We tested the accuracy of the Agency’s estimate by reviewing a random sample of 30 of the 186 loans reviewed by the Agency. Our analysis involved testing all 30 loans for lender noncompliance with SBA origination, servicing, and/or liquidation requirements and comparing our results to those reported by SBA. In instances where deficiencies were noted, we interviewed Office of Financial Program Operations (OFPO) and Office of Financial Assistance (OFA) officials regarding their assessment and review approach. Additionally, we reviewed each loan to determine whether ongoing lender guaranty fees due SBA were offset against guaranty purchase amounts.
We also reviewed 7 loans where OFA had overturned the National Guaranty Purchase Center’s improper payment decisions to determine whether OFA’s reversal of these decisions was appropriate.
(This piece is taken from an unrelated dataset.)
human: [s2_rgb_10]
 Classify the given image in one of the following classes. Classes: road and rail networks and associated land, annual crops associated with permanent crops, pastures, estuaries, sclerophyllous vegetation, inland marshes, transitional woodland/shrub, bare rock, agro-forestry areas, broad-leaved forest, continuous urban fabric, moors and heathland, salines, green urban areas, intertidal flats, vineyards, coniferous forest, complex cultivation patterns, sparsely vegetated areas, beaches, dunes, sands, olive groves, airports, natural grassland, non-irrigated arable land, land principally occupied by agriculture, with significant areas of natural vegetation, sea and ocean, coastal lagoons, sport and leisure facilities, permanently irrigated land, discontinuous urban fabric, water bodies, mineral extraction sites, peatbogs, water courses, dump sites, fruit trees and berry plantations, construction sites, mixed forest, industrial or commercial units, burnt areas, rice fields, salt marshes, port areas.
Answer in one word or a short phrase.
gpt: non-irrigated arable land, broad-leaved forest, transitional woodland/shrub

These 7 loans were not part of our statistical sample, but were part of the 186 purchased loan guaranties reviewed by OFA. Finally, we assessed SBA’s improper payment recovery efforts for FY 2007 and FY 2008 by reviewing SBA’s accounting records and interviewing OFA officials.
We tested the reliability of the FY 2008 7(a) purchase data in the Loan Accounting System (LAS) that was used by SBA to define the loan universe by verifying that all disbursement dates fell within the FY 2008 time frame. We also compared disbursement amounts reported in LAS to amounts reported in SBA’s Guaranty Purchase Tracking System to ensure that they were identical.
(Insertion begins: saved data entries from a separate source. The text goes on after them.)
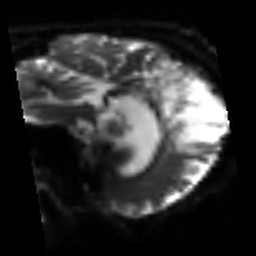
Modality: sbref
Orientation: sagittal
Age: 49
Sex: male
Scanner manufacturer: siemens
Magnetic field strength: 3 T
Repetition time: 3.2 s
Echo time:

The audit was conducted between August 2008 and March 2009 in accordance with Government Auditing Standards prescribed by the Comptroller General of the United States, and included such tests considered necessary to provide reasonable assurance of detecting abuse or illegal acts.
APPENDIX II. STATISTICAL SAMPLING METHODOLOGY
OFA randomly selected a statistical sample of 186 purchased 7(a) loans from a population universe of 13,022 purchases totaling approximately $869 million to estimate its FY 2008 improper payment rate. From OFA’s sample of 186 loans, which totaled approximately $15 million, we randomly selected a statistical sample of 30 loans (totaling $2.5 million), to estimate our population values. In statistical sampling, the estimate of attributes in the population universe has a measurable precision or sampling error. The precision is a measure of the expected difference between the value found in the sample and the value of the same characteristics that would have been found if a 100-percent review had been completed using the same techniques.
We calculated the population point estimates and the related lower limits for the selected attributes, using the Defense Contract Audit Agency’s “EZ Quant” software program, at a 90-percent confidence level. Projecting our sample results to the universe of approximately $869 million in loan disbursements, we estimated SBA’s FY 2008 improper payment rate to be approximately 27 percent, or approximately $234 million. The table below shows our calculation for the value and rate of FY 2008 improper payments.
To view the Table, please see the attached document.
APPENDIX III. IMPROPER PAYMENTS ON 30 SAMPLED LOANS
To view Appendix III, please see the attached document.
APPENDIX IV. IMPROPER PAYMENTS ON OVERTURNED LOANS
To view Appendix IV, please see the attached document.
APPENDIX V. MANAGEMENT COMMENTS
To view Appendix V, please see the attached document.
6 This estimate was based on the same statistical projection methodology used by SBA to report its rate of improper payments and reflects the point estimate of improper payments in the payment universe of $869 million. See Appendix II for additional projection information.
13 The lower limit dollar value projection was computed using the Difference method rather than the Ratio method.